Darkness catches me right around mile thirty while I am leading the women’s field, way ahead of my goal pace. I know that there aren't any out-and-backs for the next six or so hours which means it’ll be impossible for me to gauge how well I am doing compared to the other frontrunners.  There’s only one thing for me to do: run my own race.  I allow myself to get lost in the narrow beam of my headlamp and settle into my ‘forever’ pace. 

Twenty miles later it is still dark, and I am still in the lead… though not by much.  I’ve made it to the next out-and-back and sure enough: there is Esa with her pacer, just a few minutes after the turnaround. I am incredibly impressed by Esa’s strength and composure - this is her first-ever 100 miler.  Not only is she poised to finish what must be one of the hardest mountain hundreds in the country, but she is a serious contender for first place.  

The next aid station comes with a much-needed jolt of energy: it is three o’clock in the morning, yet my husband and Mercedes are waiting for me. Mercedes is set to pace me through the next tough climb, and her company is a gift; the remaining hours of darkness pass quickly.  

Mercedes sticks with me for 23 miles despite her injured ankle; Paul - who possesses neither love, nor shoes, for trail running - jumps in for the next four mile section, then decides to tag on a second segment (and one of the biggest climbs of the race) for a total of more than ten miles and 10,000ft of vertical change. We get caught in a torrential downpour high above Ouray, crossing what is typically a small trickle but now a fast-flowing stream in a steep gully high up on an exposed cliff-band. More than ever I am glad for Paul’s company: where I hesitate, exhausted and in a mental fog from thirty hours without sleep, he forges ahead and swiftly crosses the obstacle to show me that it’s OK. We get to the turnaround point and rush back down the mountain. I have somehow managed to cling on to first place; my lead on Esa has widened again. 
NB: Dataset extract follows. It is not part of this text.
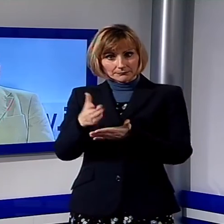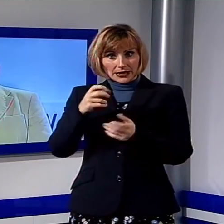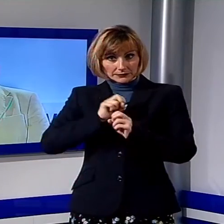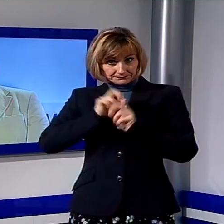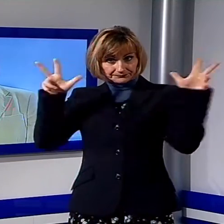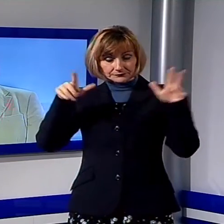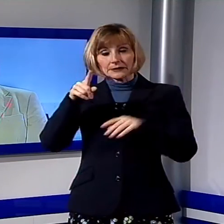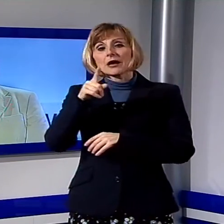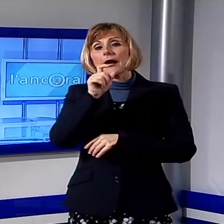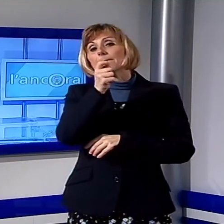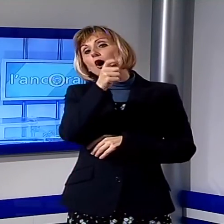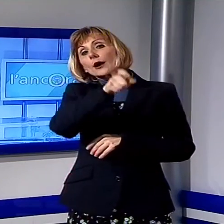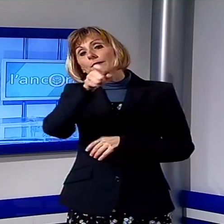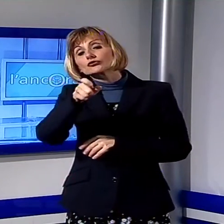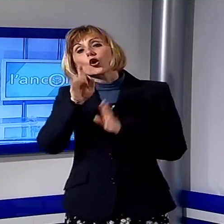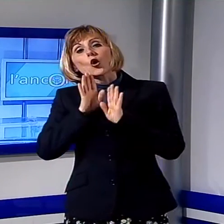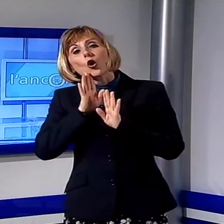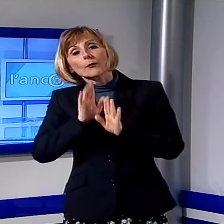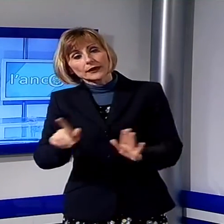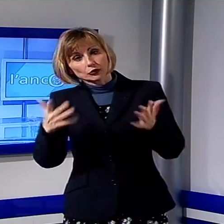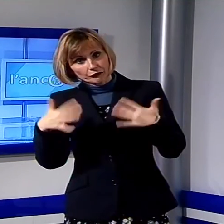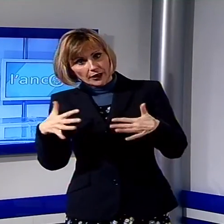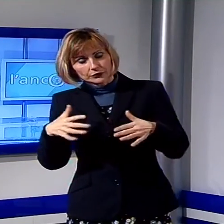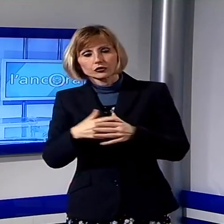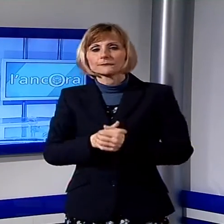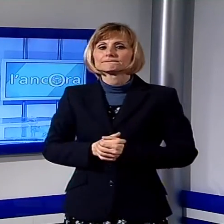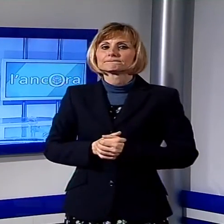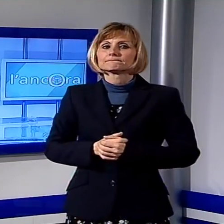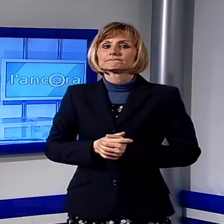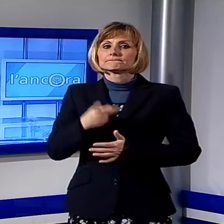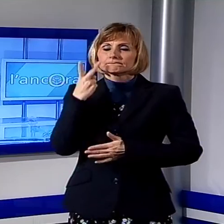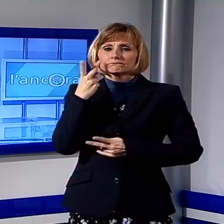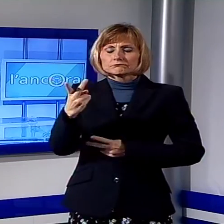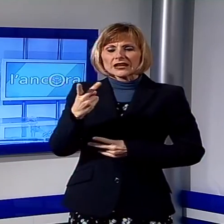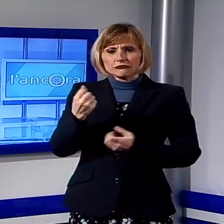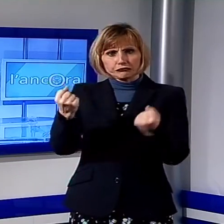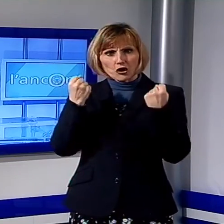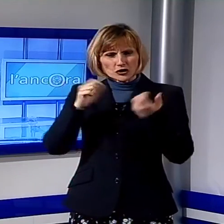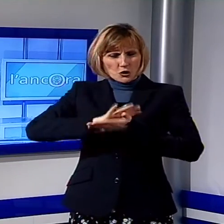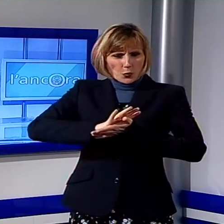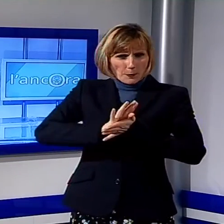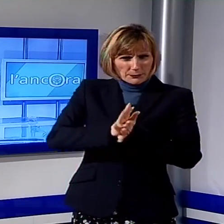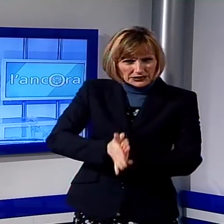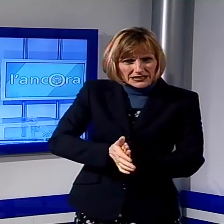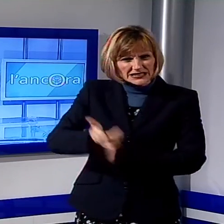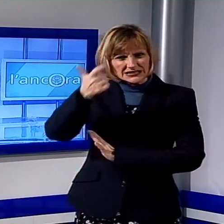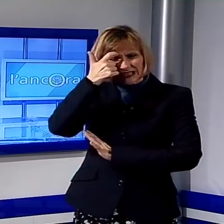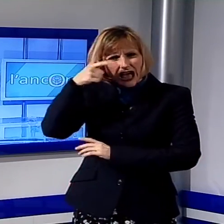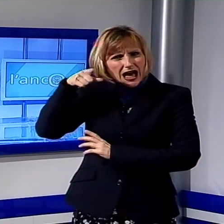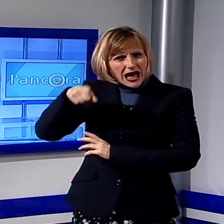hanno commentato. Eppure interessa a molti perché svela la forza oppressiva esercitata dallo Stato sul contribuimento

Power-hiking is the new running

By the time Paul and I get to the base of the mountain it is dark again. I have been on the move for more than ninety miles and thirty-six hours, yet the biggest challenge is still ahead: the final climb to Bridge of Heaven. Mercedes is by my side again, Paul now waiting at the finish. My pace has slowed to a crawl; I no longer care about the race outcome - the only thing that’s on my mind now is how to keep breathing and stay awake. I have run my race; I have nothing left to give. 

Homeward Bound

I crest Bridge of Heaven at 2:30am under calm starry skies, having been on the move for over forty-two hours; forty minutes pass before I cross paths with Esa, still on her way up the mountain and looking as tired as I feel.  The rest of the descent is a blur of soreness and exhaustion: Mercedes and I both are feeling it.  

At 4:46am, just a little over two hours short of two full days after I started running in the very same spot right next to the Ouray Hot Spring, I stumble across the finish line of the Ouray 100 with Paul and Mercedes right by my side.  

A cup of ramen later Paul helps me limp over to our van; I crawl in, smelly and wet and chafed as I am. Laying in bed I look at my phone for the first time in two days; an enormous amount of willpower keeps my eyes open for long enough to type five characters in a message to my best friend: I WON! I will my thumb to move up to the send button but exhaustion finally triumphs: phone in hand, message drafted yet unsent, I pass out into the bottomless depths of hallucinatory sleep. 

My 100 Miler gear

A note about the race itself: if you're at all intrigued - go do it.  The Ouray 100 is unlike any other race I have run, and both absolutely brutal and brilliant at the same time.  Also... this is the only ultra event I know of where the women's prize purse is BIGGER than the men's; go Charles Johnston!

These two! Sleep-deprived and awesome, Paul and Mercedes in the van after a first short nap.